WHAT IS NEEDED » Leave out the images and repeat the listing below without a single change.

DATA EXTRACT »
———

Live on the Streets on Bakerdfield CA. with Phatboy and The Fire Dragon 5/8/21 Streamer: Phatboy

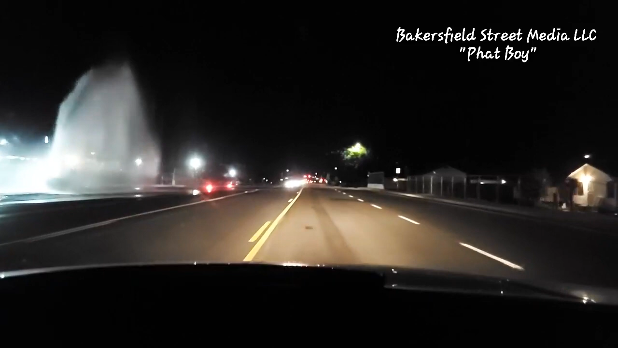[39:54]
On Park Cross Street? Oh, you can park right there. Oh, no, that's on top. Let him go away. Let him go across street. Wow. He's going right here. Going right here. Look at that, dude. That is really going, isn't it? Yeah. Check that out.

———

TASK ANSWER »
Live on the Streets on Bakerdfield CA. with Phatboy and The Fire Dragon 5/8/21 Streamer: Phatboy

[39:54]
On Park Cross Street? Oh, you can park right there. Oh, no, that's on top. Let him go away. Let him go across street. Wow. He's going right here. Going right here. Look at that, dude. That is really going, isn't it? Yeah. Check that out.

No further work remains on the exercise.